By way of context, I should mention that I come from a long line of teachers, including several math teachers.  My grandfather on my father’s side was a farmer in Oklahoma and Kansas, and in the 1910s and 1920s his primary income came from teaching in a one-room schoolhouse in western Oklahoma.  The handbell he used to call students to class after lunch and recess still sits on the piano in my home.  My grandmother on my mother’s side taught grade school in a white community adjacent to an Indian reservation in eastern Washington, during World War I, before she married my grandfather and moved to Oklahoma.  My mother took up teaching as a second career in the 1970s, and was a math teacher in the Tulsa public school system and later at Tulsa Junior College.  I have one cousin who teaches high-school math in a suburban Tulsa school district, and another who recently retired from teaching high-school math in Fremont, California.  I have a nephew who is a faculty member in math at Glendale Community College, in Los Angeles, a niece who taught high-school math in Niwot, Colorado, a niece who teaches middle-school English in Norman, Oklahoma, and is married to the high school debate coach, and the wife of a nephew who taught elementary school in another Tulsa suburb.  I guess it’s in my DNA.
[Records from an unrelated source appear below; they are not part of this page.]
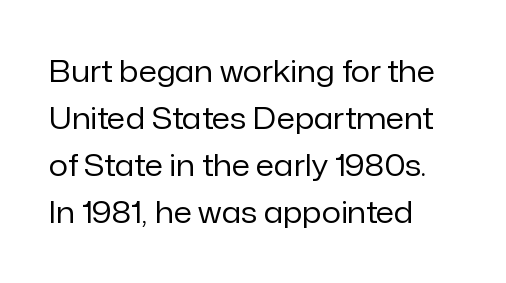
{"serif": "no", "italic": "no", "bold": "no", "weight": "regular", "width": "normal", "stroke_contrast": "low", "x_height": "medium", "monospaced": "no", "underline": "no", "align": "left", "line_spacing": "normal", "line_spacing_ratio": 1.57, "letter_spacing": "normal", "letter_spacing_em": 0.0, "glyph_px": 30}
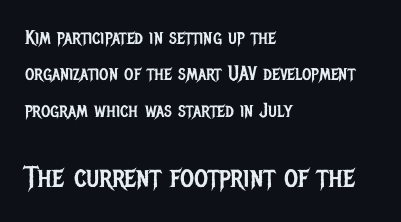
Teacher's note: observe the even left margin — that is flush-left alignment. The face used here appears at its bigger size in the lower chunk. Each letter keeps its own natural width here, so spacing adapts to shape. Summary of weight: not heavy and not bold.
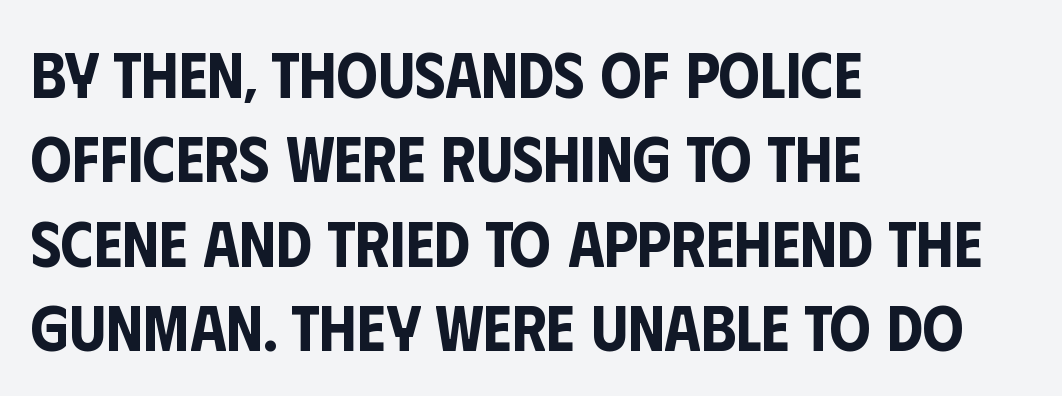
Q: Is the text italic (slanted)? A: No, it is upright.
Q: Is the typeface a serif or a sans-serif typeface? A: Sans-serif.
Q: Is the text underlined? A: No.
Q: How is the paragraph aligned? A: Left-aligned.
Q: Is the spacing between letters normal or unusually wide? A: Normal.
Q: Is the spacing between lines tight, normal or loose? A: Normal.
Q: Width (condensed, normal, or wide)? A: Condensed.
Q: Stroke contrast? A: Low.
Q: x-height? A: Large.
Q: Monospaced? A: No.
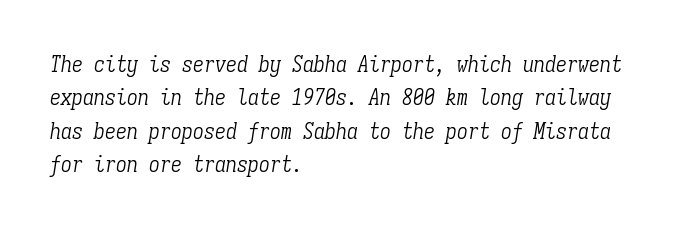
Q: Is the text bold? A: No.
Q: Is the text italic (slanted)? A: Yes, it leans right by about 9 degrees.
Q: Is the text underlined? A: No.
Q: How is the paragraph aligned? A: Left-aligned.
Q: Is the spacing between letters normal or unusually wide? A: Normal.
Q: Is the spacing between lines tight, normal or loose? A: Normal.
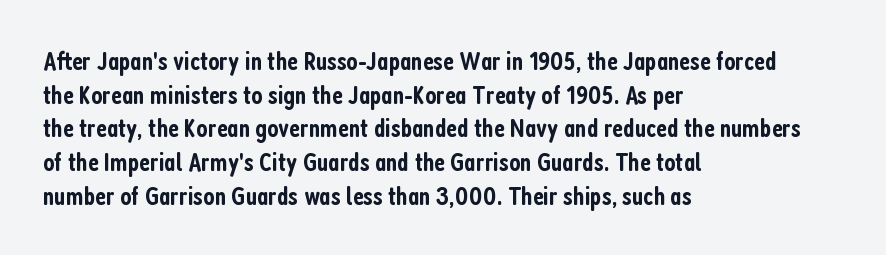
Does the copy run flush right? No — it runs flush left. The passage shown has conventional tracking throughout. Compared with an ordinary text face, these strokes are moderately heavier — a semibold. Unlike italic type, these characters show no tilt at all. No word sits above an underline.
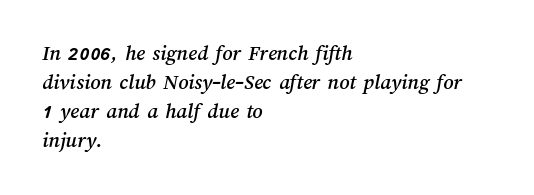
Q: Is the text underlined? A: No.
Q: How is the paragraph aligned? A: Left-aligned.
Q: Is the spacing between letters normal or unusually wide? A: Normal.
Q: Is the spacing between lines tight, normal or loose? A: Normal.
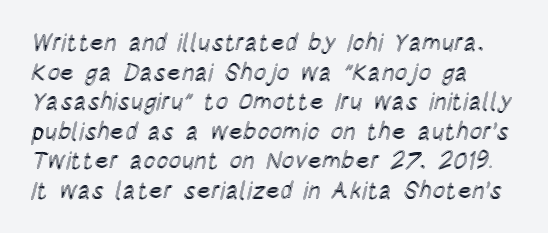
The rag falls on the right side of this text block. This sample uses plain, unmodified letter spacing. The strip under each line holds only bare page.
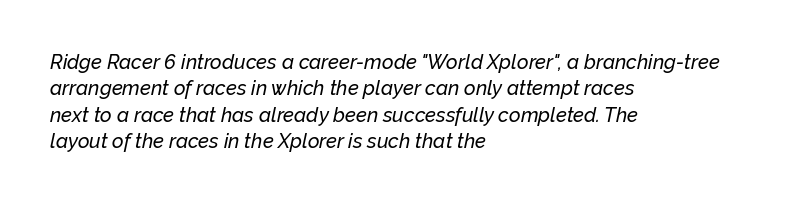
Caption: standard tracking, unaltered. The block of text has a typical density, with ordinary space between rows. A typesetter would mark this as italic. Reading down the block, your eye returns to a fixed left position each line. Descenders hang freely into open space.
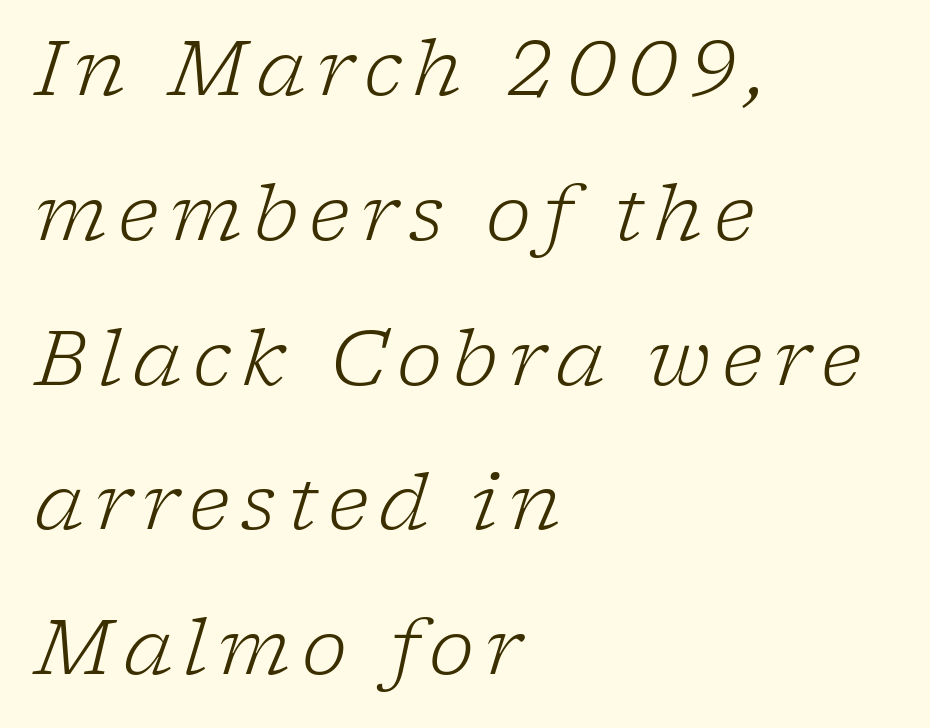
Q: Is the text bold? A: No.
Q: Is the text italic (slanted)? A: Yes, it leans right by about 17 degrees.
Q: Is the typeface a serif or a sans-serif typeface? A: Serif.
Q: Is the text underlined? A: No.
Q: How is the paragraph aligned? A: Left-aligned.
Q: Width (condensed, normal, or wide)? A: Normal.
Q: Stroke contrast? A: Low.
Q: x-height? A: Medium.
Q: Monospaced? A: No.
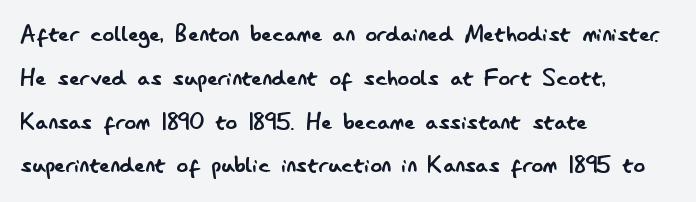
A bare baseline throughout the passage. Designer's note — italics off, roman on. Is there much room between lines? A standard amount, neither cramped nor airy. The letters carry no serifs — their stems end cleanly without finishing strokes.
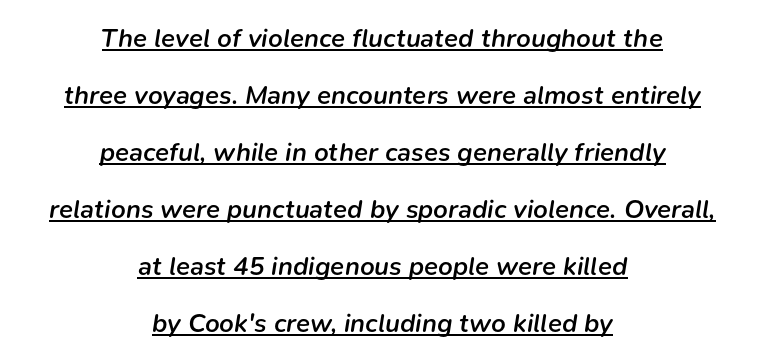
Quick note: interline space is abundant. This rendering leaves character spacing at its baseline value. The font is running at a semibold setting, under full bold. Italic? Definitely — the glyphs are oblique. Teacher's note: observe the equal gaps on both sides — that is centered alignment.
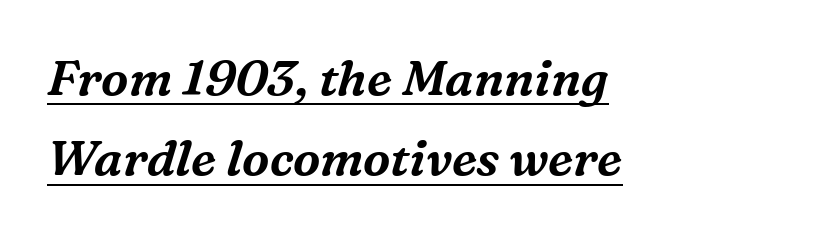
The image shows 49 px serif type, italic (leaning right); set left-aligned, normal line spacing (1.64x), normal letter spacing, underlined; medium stroke contrast and a medium x-height.
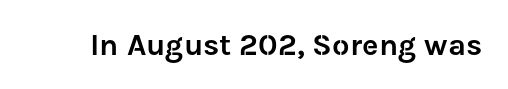
Italic? Not at all — the glyphs are vertical. Descender tails drop into unmarked territory. The glyphs in this specimen are sans serif. Spacing between characters is what you'd get straight out of the box.
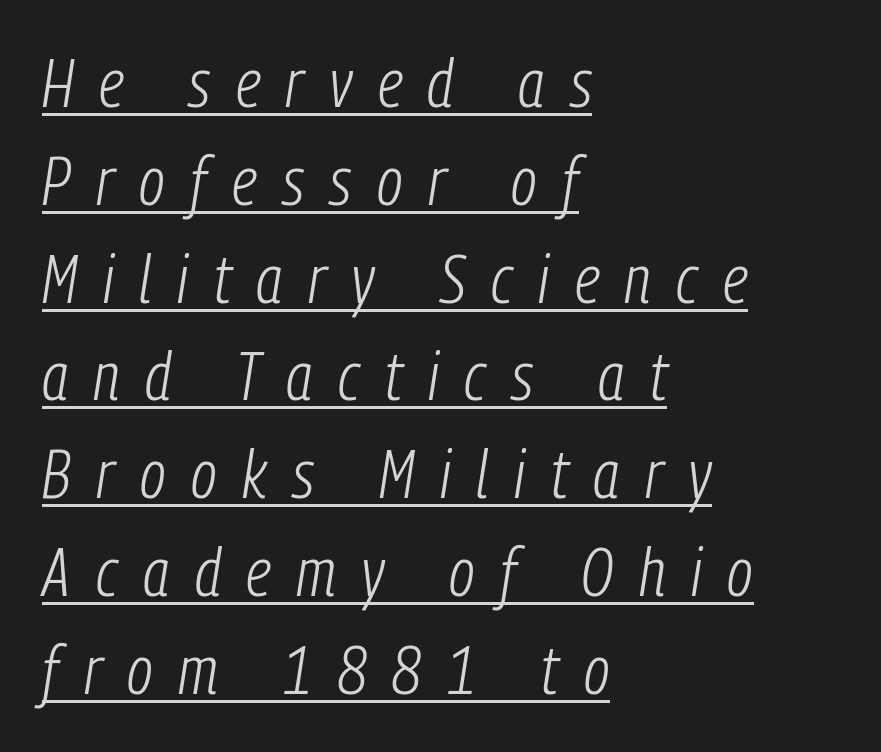
The image shows 67 px light, condensed type, italic (leaning right); set left-aligned, normal line spacing (1.46x), unusually wide letter spacing (+0.38 em), underlined; low stroke contrast and a medium x-height.

This is as good a place as any to mention that my father was an electrical engineer and my mother was a math teacher, and for the past five years I have put a lot of effort into teaching a large freshman class called “Essential Mathematics for Electrical Engineering.”  Sometimes the universe does offer up beautiful symmetries, if we are paying attention.

But back to the question of why we teach in the first place. Here is my top 10 list.

1. We are good at it.  Some people just have a knack for communication and connecting with others, for organizing and presenting their ideas clearly and concisely, for showing that what they are trying to do really matters.  I have heard it said that “before someone cares what you know, they have to know that you care.”  Teachers who can pull this off have found the right line of work.

2. Someone pays us to do it.  This often goes along with #1 above.  If there is something that we do reasonably well, and others are willing to pay us for it, chances are it is something that we find enjoyable and rewarding.  At the very least it gives us a reason to get out of bed and put one foot in front of the other.  A paycheck might not be world’s best motivation, but it is not the worst one either.

3. It keeps us young.  This was something I noticed when I first entered graduate school—all of my professors seemed younger than their counterparts at the same chronological age in industry.  There has to be something about the constant contact with those from an earlier generation that allows us to continue seeing the world with fresh eyes.  This doesn’t really address the problem of the ever-widening gap between my generation and that of our students, but I don’t think anyone is going to solve that one.  Time’s arrow moves in one direction.

4. Benefits to the individual students. At a place like Michigan Tech, our teaching programs are built around improving the lives of our individual students, giving them the skills and the knowledge that they need to be successful, personally, professionally, and financially.  Of course we have to hold our students to a high standard; otherwise our efforts are meaningless.  At the end of the day, however, our placement rates and starting salaries speak for themselves.  We aim as well to provide students with the means for lifelong learning and an ability for critical thinking that will serve them well in all aspects of life.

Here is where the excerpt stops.